■ **What is being asked**
Below is a listing to write out in full, exactly as given, without its pictures.

*****

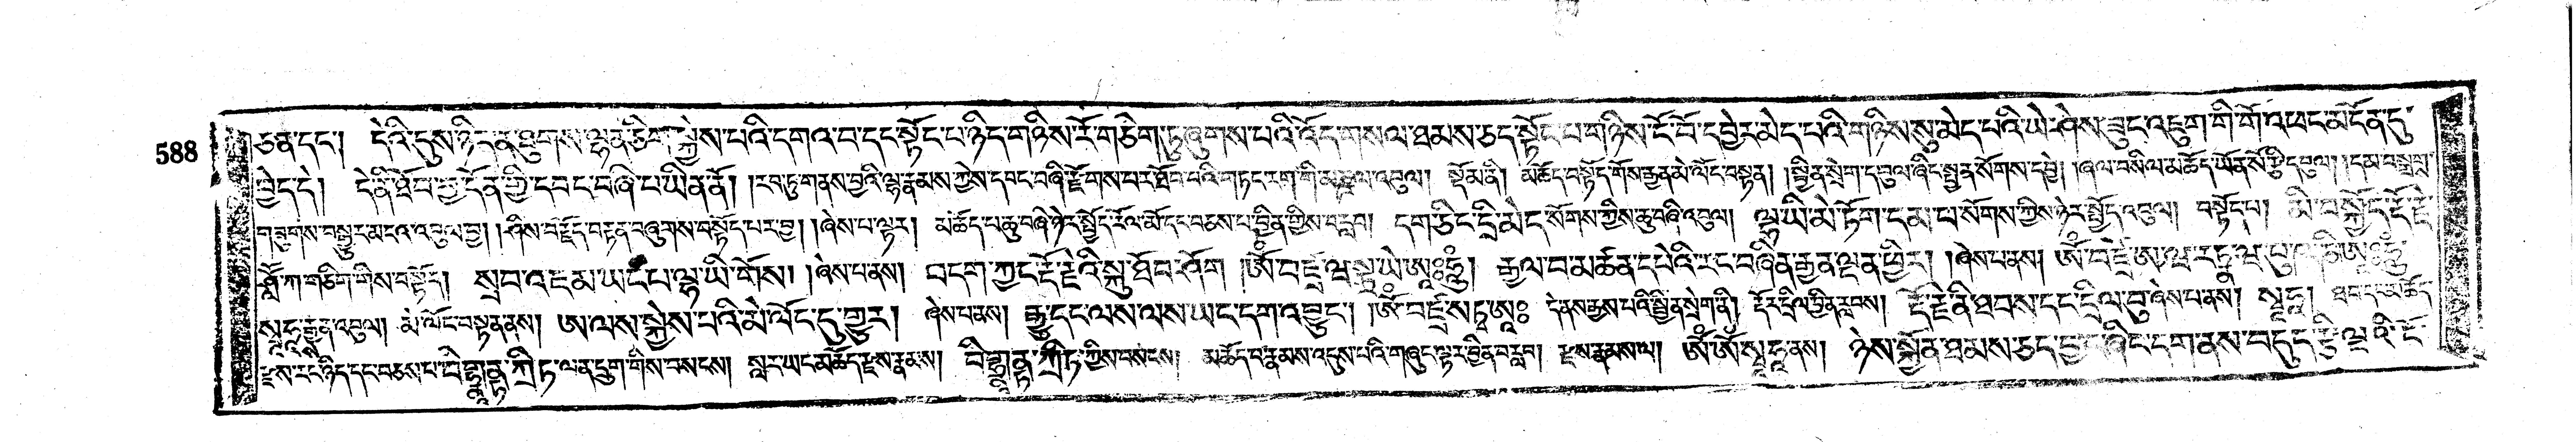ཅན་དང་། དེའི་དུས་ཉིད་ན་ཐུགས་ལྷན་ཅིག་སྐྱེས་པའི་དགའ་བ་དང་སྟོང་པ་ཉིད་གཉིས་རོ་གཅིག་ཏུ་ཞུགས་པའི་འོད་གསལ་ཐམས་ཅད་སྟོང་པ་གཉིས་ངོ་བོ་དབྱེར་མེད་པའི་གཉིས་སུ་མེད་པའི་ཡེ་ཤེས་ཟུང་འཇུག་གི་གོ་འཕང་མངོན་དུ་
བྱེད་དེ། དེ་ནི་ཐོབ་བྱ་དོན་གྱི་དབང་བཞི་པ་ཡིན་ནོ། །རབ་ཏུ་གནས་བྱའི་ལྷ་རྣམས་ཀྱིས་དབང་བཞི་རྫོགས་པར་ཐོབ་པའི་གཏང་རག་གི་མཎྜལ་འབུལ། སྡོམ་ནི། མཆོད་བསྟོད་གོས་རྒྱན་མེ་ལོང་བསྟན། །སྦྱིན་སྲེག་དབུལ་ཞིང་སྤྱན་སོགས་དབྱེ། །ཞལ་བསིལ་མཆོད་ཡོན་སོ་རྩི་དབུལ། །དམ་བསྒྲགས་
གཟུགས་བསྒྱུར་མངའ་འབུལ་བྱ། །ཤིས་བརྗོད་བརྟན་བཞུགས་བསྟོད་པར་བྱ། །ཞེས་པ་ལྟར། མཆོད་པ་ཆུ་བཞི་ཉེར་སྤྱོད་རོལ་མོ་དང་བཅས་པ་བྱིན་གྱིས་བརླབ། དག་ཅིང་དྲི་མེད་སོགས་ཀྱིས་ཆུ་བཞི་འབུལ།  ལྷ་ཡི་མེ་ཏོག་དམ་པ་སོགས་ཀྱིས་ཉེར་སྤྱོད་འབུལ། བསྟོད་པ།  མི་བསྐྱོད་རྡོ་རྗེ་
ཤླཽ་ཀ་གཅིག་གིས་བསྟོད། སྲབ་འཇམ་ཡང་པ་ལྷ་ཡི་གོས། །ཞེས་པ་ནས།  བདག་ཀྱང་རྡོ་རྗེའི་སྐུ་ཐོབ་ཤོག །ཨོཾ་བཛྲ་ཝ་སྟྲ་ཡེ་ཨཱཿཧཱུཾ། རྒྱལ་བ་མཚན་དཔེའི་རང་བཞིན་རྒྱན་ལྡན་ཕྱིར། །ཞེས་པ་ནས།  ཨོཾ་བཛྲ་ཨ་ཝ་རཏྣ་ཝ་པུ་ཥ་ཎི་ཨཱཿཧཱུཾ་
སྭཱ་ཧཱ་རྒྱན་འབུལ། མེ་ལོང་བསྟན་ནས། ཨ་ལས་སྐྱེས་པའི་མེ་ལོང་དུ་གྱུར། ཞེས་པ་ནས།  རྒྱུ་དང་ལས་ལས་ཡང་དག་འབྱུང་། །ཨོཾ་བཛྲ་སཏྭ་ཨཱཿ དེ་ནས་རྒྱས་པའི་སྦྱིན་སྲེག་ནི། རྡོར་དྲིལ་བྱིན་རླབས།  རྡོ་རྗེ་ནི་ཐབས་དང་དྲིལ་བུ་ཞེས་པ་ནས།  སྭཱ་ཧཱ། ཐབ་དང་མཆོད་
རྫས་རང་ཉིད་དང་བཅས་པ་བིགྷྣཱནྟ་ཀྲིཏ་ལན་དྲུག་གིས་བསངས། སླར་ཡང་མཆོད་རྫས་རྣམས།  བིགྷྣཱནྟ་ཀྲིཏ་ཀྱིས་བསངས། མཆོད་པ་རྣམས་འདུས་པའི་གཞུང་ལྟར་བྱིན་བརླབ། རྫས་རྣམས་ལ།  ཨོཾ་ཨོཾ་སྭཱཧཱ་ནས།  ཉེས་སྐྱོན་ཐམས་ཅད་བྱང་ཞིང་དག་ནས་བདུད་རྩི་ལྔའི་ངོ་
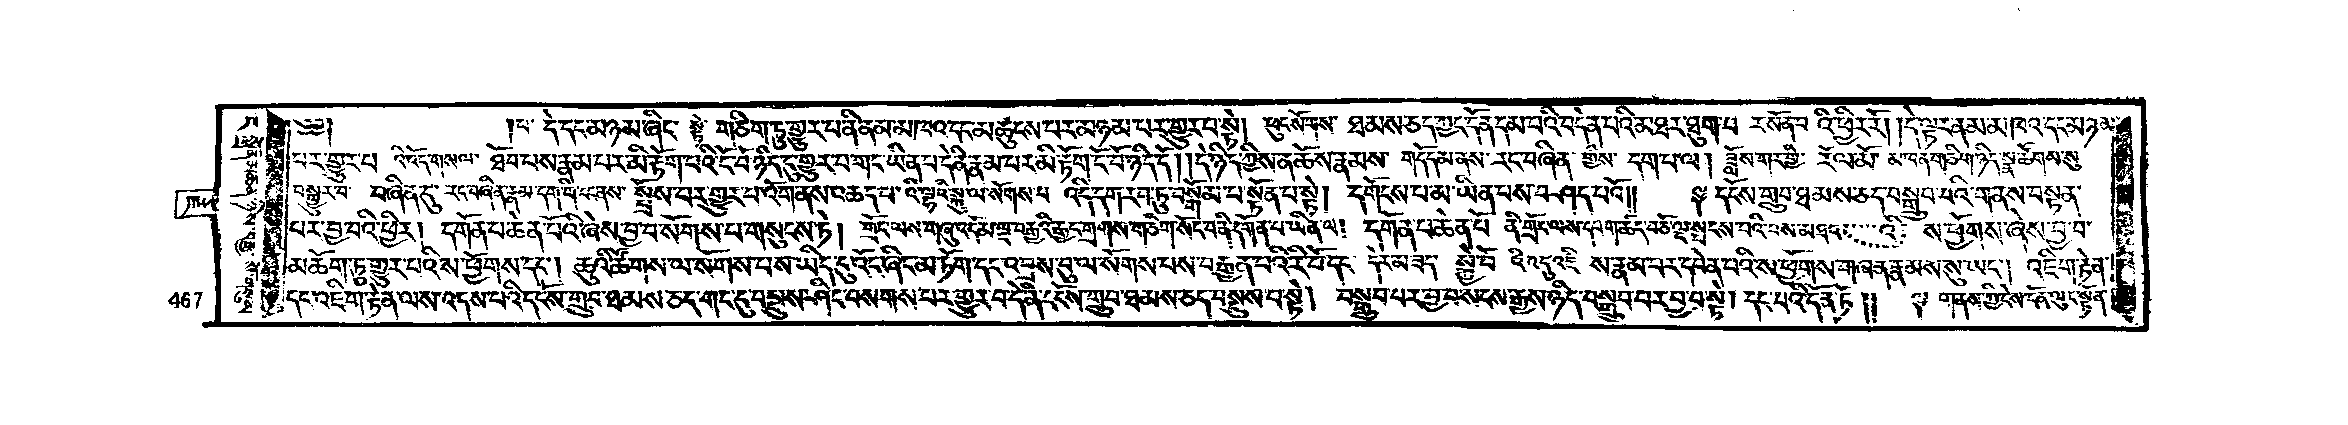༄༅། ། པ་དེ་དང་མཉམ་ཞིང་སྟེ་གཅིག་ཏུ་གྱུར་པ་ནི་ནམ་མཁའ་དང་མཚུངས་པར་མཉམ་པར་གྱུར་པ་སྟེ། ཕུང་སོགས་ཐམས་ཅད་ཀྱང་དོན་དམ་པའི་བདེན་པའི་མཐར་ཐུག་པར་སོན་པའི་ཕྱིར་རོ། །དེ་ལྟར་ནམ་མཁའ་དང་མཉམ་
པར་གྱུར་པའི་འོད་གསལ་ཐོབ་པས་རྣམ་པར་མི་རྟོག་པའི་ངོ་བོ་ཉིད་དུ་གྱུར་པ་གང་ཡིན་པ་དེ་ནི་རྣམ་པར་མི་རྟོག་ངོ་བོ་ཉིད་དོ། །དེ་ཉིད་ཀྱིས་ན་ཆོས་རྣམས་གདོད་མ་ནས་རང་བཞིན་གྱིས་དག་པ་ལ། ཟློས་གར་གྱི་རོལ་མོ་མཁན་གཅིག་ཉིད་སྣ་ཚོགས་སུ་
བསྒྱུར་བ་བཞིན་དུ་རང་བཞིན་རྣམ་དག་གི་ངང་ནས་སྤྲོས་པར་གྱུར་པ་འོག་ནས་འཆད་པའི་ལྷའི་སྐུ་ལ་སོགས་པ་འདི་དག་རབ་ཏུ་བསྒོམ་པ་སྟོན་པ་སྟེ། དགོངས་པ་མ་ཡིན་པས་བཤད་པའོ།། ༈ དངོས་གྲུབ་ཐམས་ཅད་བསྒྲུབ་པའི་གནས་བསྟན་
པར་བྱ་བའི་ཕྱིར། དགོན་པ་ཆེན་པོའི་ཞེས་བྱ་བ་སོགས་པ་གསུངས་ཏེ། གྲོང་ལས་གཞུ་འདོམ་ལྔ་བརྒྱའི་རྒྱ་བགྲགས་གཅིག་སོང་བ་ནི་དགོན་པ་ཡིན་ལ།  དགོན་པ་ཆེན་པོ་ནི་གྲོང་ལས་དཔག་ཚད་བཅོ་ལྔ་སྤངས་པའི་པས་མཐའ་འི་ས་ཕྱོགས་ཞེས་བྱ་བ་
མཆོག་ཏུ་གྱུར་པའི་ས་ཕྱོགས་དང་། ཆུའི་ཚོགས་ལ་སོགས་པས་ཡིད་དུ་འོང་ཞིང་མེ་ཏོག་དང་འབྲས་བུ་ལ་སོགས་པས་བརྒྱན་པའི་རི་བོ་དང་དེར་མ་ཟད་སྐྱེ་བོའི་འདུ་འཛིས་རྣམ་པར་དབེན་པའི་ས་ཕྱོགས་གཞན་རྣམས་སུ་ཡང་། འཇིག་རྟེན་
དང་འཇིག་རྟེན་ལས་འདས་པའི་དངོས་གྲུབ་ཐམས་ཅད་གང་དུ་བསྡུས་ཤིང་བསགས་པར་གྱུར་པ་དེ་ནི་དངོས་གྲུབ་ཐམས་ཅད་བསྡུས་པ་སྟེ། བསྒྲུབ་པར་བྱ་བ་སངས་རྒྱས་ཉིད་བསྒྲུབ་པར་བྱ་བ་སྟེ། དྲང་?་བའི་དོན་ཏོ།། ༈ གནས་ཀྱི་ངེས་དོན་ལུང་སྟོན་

*****

■ **Result of this task**
ཅན་དང་། དེའི་དུས་ཉིད་ན་ཐུགས་ལྷན་ཅིག་སྐྱེས་པའི་དགའ་བ་དང་སྟོང་པ་ཉིད་གཉིས་རོ་གཅིག་ཏུ་ཞུགས་པའི་འོད་གསལ་ཐམས་ཅད་སྟོང་པ་གཉིས་ངོ་བོ་དབྱེར་མེད་པའི་གཉིས་སུ་མེད་པའི་ཡེ་ཤེས་ཟུང་འཇུག་གི་གོ་འཕང་མངོན་དུ་
བྱེད་དེ། དེ་ནི་ཐོབ་བྱ་དོན་གྱི་དབང་བཞི་པ་ཡིན་ནོ། །རབ་ཏུ་གནས་བྱའི་ལྷ་རྣམས་ཀྱིས་དབང་བཞི་རྫོགས་པར་ཐོབ་པའི་གཏང་རག་གི་མཎྜལ་འབུལ། སྡོམ་ནི། མཆོད་བསྟོད་གོས་རྒྱན་མེ་ལོང་བསྟན། །སྦྱིན་སྲེག་དབུལ་ཞིང་སྤྱན་སོགས་དབྱེ། །ཞལ་བསིལ་མཆོད་ཡོན་སོ་རྩི་དབུལ། །དམ་བསྒྲགས་
གཟུགས་བསྒྱུར་མངའ་འབུལ་བྱ། །ཤིས་བརྗོད་བརྟན་བཞུགས་བསྟོད་པར་བྱ། །ཞེས་པ་ལྟར། མཆོད་པ་ཆུ་བཞི་ཉེར་སྤྱོད་རོལ་མོ་དང་བཅས་པ་བྱིན་གྱིས་བརླབ། དག་ཅིང་དྲི་མེད་སོགས་ཀྱིས་ཆུ་བཞི་འབུལ།  ལྷ་ཡི་མེ་ཏོག་དམ་པ་སོགས་ཀྱིས་ཉེར་སྤྱོད་འབུལ། བསྟོད་པ།  མི་བསྐྱོད་རྡོ་རྗེ་
ཤླཽ་ཀ་གཅིག་གིས་བསྟོད། སྲབ་འཇམ་ཡང་པ་ལྷ་ཡི་གོས། །ཞེས་པ་ནས།  བདག་ཀྱང་རྡོ་རྗེའི་སྐུ་ཐོབ་ཤོག །ཨོཾ་བཛྲ་ཝ་སྟྲ་ཡེ་ཨཱཿཧཱུཾ། རྒྱལ་བ་མཚན་དཔེའི་རང་བཞིན་རྒྱན་ལྡན་ཕྱིར། །ཞེས་པ་ནས།  ཨོཾ་བཛྲ་ཨ་ཝ་རཏྣ་ཝ་པུ་ཥ་ཎི་ཨཱཿཧཱུཾ་
སྭཱ་ཧཱ་རྒྱན་འབུལ། མེ་ལོང་བསྟན་ནས། ཨ་ལས་སྐྱེས་པའི་མེ་ལོང་དུ་གྱུར། ཞེས་པ་ནས།  རྒྱུ་དང་ལས་ལས་ཡང་དག་འབྱུང་། །ཨོཾ་བཛྲ་སཏྭ་ཨཱཿ དེ་ནས་རྒྱས་པའི་སྦྱིན་སྲེག་ནི། རྡོར་དྲིལ་བྱིན་རླབས།  རྡོ་རྗེ་ནི་ཐབས་དང་དྲིལ་བུ་ཞེས་པ་ནས།  སྭཱ་ཧཱ། ཐབ་དང་མཆོད་
རྫས་རང་ཉིད་དང་བཅས་པ་བིགྷྣཱནྟ་ཀྲིཏ་ལན་དྲུག་གིས་བསངས། སླར་ཡང་མཆོད་རྫས་རྣམས།  བིགྷྣཱནྟ་ཀྲིཏ་ཀྱིས་བསངས། མཆོད་པ་རྣམས་འདུས་པའི་གཞུང་ལྟར་བྱིན་བརླབ། རྫས་རྣམས་ལ།  ཨོཾ་ཨོཾ་སྭཱཧཱ་ནས།  ཉེས་སྐྱོན་ཐམས་ཅད་བྱང་ཞིང་དག་ནས་བདུད་རྩི་ལྔའི་ངོ་
༄༅། ། པ་དེ་དང་མཉམ་ཞིང་སྟེ་གཅིག་ཏུ་གྱུར་པ་ནི་ནམ་མཁའ་དང་མཚུངས་པར་མཉམ་པར་གྱུར་པ་སྟེ། ཕུང་སོགས་ཐམས་ཅད་ཀྱང་དོན་དམ་པའི་བདེན་པའི་མཐར་ཐུག་པར་སོན་པའི་ཕྱིར་རོ། །དེ་ལྟར་ནམ་མཁའ་དང་མཉམ་
པར་གྱུར་པའི་འོད་གསལ་ཐོབ་པས་རྣམ་པར་མི་རྟོག་པའི་ངོ་བོ་ཉིད་དུ་གྱུར་པ་གང་ཡིན་པ་དེ་ནི་རྣམ་པར་མི་རྟོག་ངོ་བོ་ཉིད་དོ། །དེ་ཉིད་ཀྱིས་ན་ཆོས་རྣམས་གདོད་མ་ནས་རང་བཞིན་གྱིས་དག་པ་ལ། ཟློས་གར་གྱི་རོལ་མོ་མཁན་གཅིག་ཉིད་སྣ་ཚོགས་སུ་
བསྒྱུར་བ་བཞིན་དུ་རང་བཞིན་རྣམ་དག་གི་ངང་ནས་སྤྲོས་པར་གྱུར་པ་འོག་ནས་འཆད་པའི་ལྷའི་སྐུ་ལ་སོགས་པ་འདི་དག་རབ་ཏུ་བསྒོམ་པ་སྟོན་པ་སྟེ། དགོངས་པ་མ་ཡིན་པས་བཤད་པའོ།། ༈ དངོས་གྲུབ་ཐམས་ཅད་བསྒྲུབ་པའི་གནས་བསྟན་
པར་བྱ་བའི་ཕྱིར། དགོན་པ་ཆེན་པོའི་ཞེས་བྱ་བ་སོགས་པ་གསུངས་ཏེ། གྲོང་ལས་གཞུ་འདོམ་ལྔ་བརྒྱའི་རྒྱ་བགྲགས་གཅིག་སོང་བ་ནི་དགོན་པ་ཡིན་ལ།  དགོན་པ་ཆེན་པོ་ནི་གྲོང་ལས་དཔག་ཚད་བཅོ་ལྔ་སྤངས་པའི་པས་མཐའ་འི་ས་ཕྱོགས་ཞེས་བྱ་བ་
མཆོག་ཏུ་གྱུར་པའི་ས་ཕྱོགས་དང་། ཆུའི་ཚོགས་ལ་སོགས་པས་ཡིད་དུ་འོང་ཞིང་མེ་ཏོག་དང་འབྲས་བུ་ལ་སོགས་པས་བརྒྱན་པའི་རི་བོ་དང་དེར་མ་ཟད་སྐྱེ་བོའི་འདུ་འཛིས་རྣམ་པར་དབེན་པའི་ས་ཕྱོགས་གཞན་རྣམས་སུ་ཡང་། འཇིག་རྟེན་
དང་འཇིག་རྟེན་ལས་འདས་པའི་དངོས་གྲུབ་ཐམས་ཅད་གང་དུ་བསྡུས་ཤིང་བསགས་པར་གྱུར་པ་དེ་ནི་དངོས་གྲུབ་ཐམས་ཅད་བསྡུས་པ་སྟེ། བསྒྲུབ་པར་བྱ་བ་སངས་རྒྱས་ཉིད་བསྒྲུབ་པར་བྱ་བ་སྟེ། དྲང་?་བའི་དོན་ཏོ།། ༈ གནས་ཀྱི་ངེས་དོན་ལུང་སྟོན་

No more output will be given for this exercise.